**TASK DATA**:

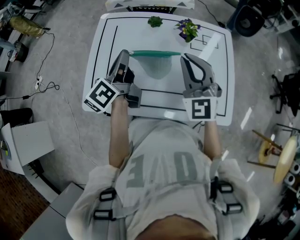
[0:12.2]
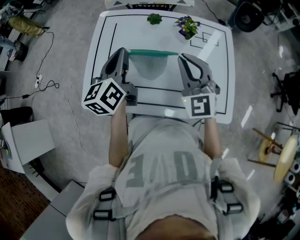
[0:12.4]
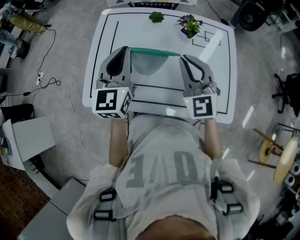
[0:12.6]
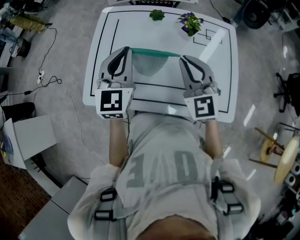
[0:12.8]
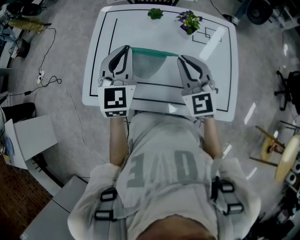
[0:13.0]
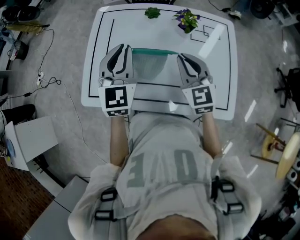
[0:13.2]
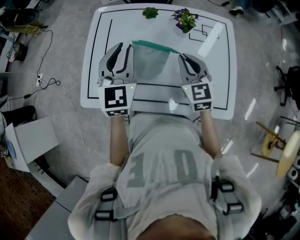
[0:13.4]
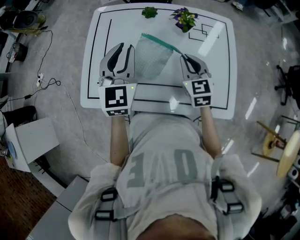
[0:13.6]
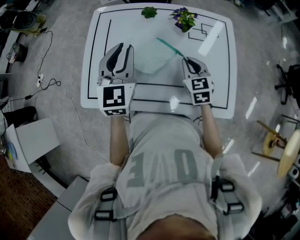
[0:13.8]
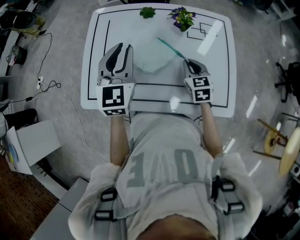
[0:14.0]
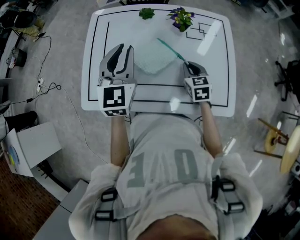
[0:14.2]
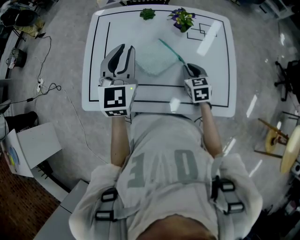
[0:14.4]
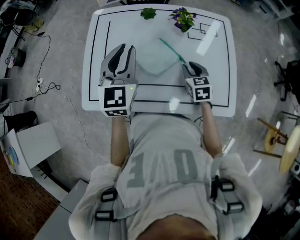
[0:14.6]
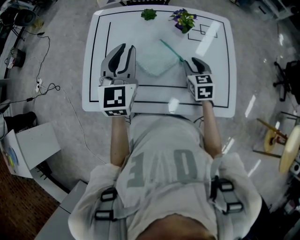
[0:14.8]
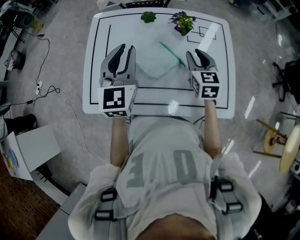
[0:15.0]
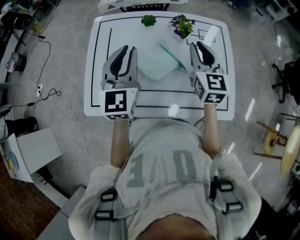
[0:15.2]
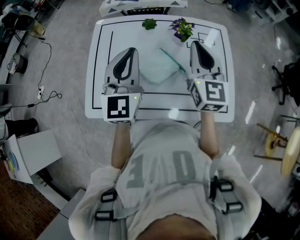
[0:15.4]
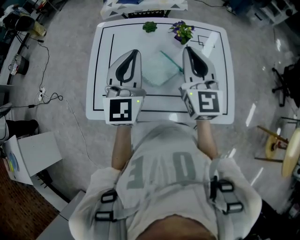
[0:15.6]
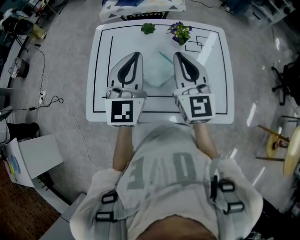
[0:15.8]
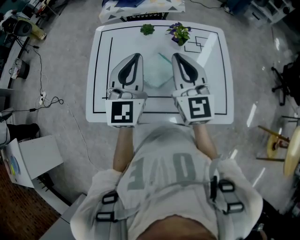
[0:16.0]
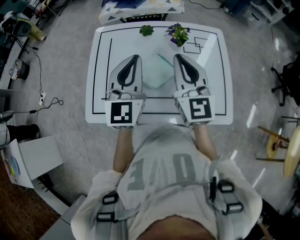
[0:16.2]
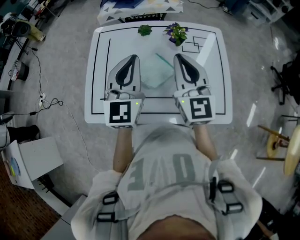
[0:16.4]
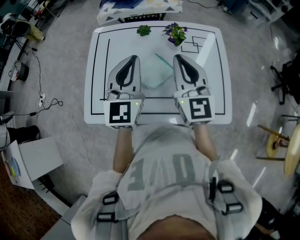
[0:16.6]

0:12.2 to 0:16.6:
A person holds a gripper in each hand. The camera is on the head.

**WORK REQUIRED**: Everything in the material except the pictures should be restated word for word.

**TASK SOLUTION**:
[0:12.2]
[0:12.4]
[0:12.6]
[0:12.8]
[0:13.0]
[0:13.2]
[0:13.4]
[0:13.6]
[0:13.8]
[0:14.0]
[0:14.2]
[0:14.4]
[0:14.6]
[0:14.8]
[0:15.0]
[0:15.2]
[0:15.4]
[0:15.6]
[0:15.8]
[0:16.0]
[0:16.2]
[0:16.4]
[0:16.6]

0:12.2 to 0:16.6:
A person holds a gripper in each hand. The camera is on the head.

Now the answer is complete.